Adam Liptak, the N.Y. Times’ Supreme Court reporter, had an article in yesterday’s paper about conservative criticism of District of Columbia v. Heller, the gun rights case from the Court’s last term:
Two prominent federal appeals court judges say that Justice Antonin Scalia’s majority opinion in the case, District of Columbia v. Heller, is illegitimate, activist, poorly reasoned and fueled by politics rather than principle. The 5-to-4 decision in Heller struck down parts of a District of Columbia gun control law.
The judges used what in conservative legal circles are the ultimate fighting words: They said the gun ruling was a right-wing version of Roe v. Wade, the 1973 decision that identified a constitutional right to abortion. Justice Scalia has said that Roe had no basis in the Constitution and amounted to a judicial imposition of a value judgment that should have been left to state legislatures.
This is an intriguing idea and I’m sure it will eventually sell a few books for enterprising jurists and lawyers (hey!), especially once the first round of post-Heller circuit splits are established, but I don’t think it’s very persuasive. The claim that Heller is the conservative Roe is sensationalism. The mere utterance is intended to draw your attention and distract you with shock value. It does not withstand scrutiny.
J. Harvie Wilkinson III, of the Fourth Circuit, writes “The Roe and Heller courts are guilty of the same sins” and identifies what he believes are their four common shortcomings:
an absence of a commitment to textualism; a willingness to embark on a complex endeavor that will require fine-tuning over many years of litigation; a failure to respect legislative judgments; and a rejection of the principles of federalism.
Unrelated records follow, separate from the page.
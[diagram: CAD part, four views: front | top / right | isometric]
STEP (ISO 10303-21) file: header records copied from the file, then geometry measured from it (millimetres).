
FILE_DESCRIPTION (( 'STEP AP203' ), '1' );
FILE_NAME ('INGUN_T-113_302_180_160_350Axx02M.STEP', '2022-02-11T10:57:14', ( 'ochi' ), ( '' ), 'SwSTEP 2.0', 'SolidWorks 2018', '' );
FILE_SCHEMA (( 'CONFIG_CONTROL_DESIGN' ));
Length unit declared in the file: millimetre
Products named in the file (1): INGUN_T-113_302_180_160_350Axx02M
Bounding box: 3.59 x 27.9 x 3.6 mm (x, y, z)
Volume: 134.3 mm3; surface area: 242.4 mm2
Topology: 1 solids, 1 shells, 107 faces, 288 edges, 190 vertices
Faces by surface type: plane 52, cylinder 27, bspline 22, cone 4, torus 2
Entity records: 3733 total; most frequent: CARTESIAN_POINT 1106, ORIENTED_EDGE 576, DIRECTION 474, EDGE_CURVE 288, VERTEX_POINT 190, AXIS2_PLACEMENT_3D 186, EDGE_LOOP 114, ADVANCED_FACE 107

But these shortcomings (if we allow for the moment that they are actual shortcomings) apply not only to Heller and Roe but to an almost uncountable number of Supreme Court cases. Consider: the “principles of federalism”, whatever they are, are going to be rejected any time a federal constitutional right is found to forbid state action. That is true as a matter of intent. For example, the Fifteenth Amendment was supposed to prevent the states from unduly interfering in voting rights for black Americans.
Of course, when it comes to Roe’s expansion of the Fourteenth Amendment, at least the Amendment textually applies to curtail the states (“No State shall…”). It may have been an imposition on the principles of federalism, but there was a method to the madness. Wilkinson’s criticism of Heller ignores a key part of Justice Scalia’s opinion: it didn’t apply to the states. Justice Scalia specifically and intentionally (first update) drew back from extending the holding to the states. Wilkinson acknowledges this, but still attacks Heller for the Court’s ominous plan to incorporate the Second Amendment against the states. His concern is premature.
Moreover, to the extent that either case (or any of the hundreds of Supreme Court cases) abandon federalism, the issue is always a matter of degree. One of the central points of contention between conservatives and liberals is over just how much power the federal government was intended to have. But there are few even among conservatives who believe that that the federal arrangement was intended to leave state power undiminished.
Wilkinson’s second and third complaints are contradictory. He writes that the Heller and Roe holdings would require fine-tuning through litigation, but that they reveal a failure to respect legislative judgments. I think Wilkinson actually means that it reveals a failure to respect prior legislative judgments. But, of course, that’s true of every court case which overturns laws.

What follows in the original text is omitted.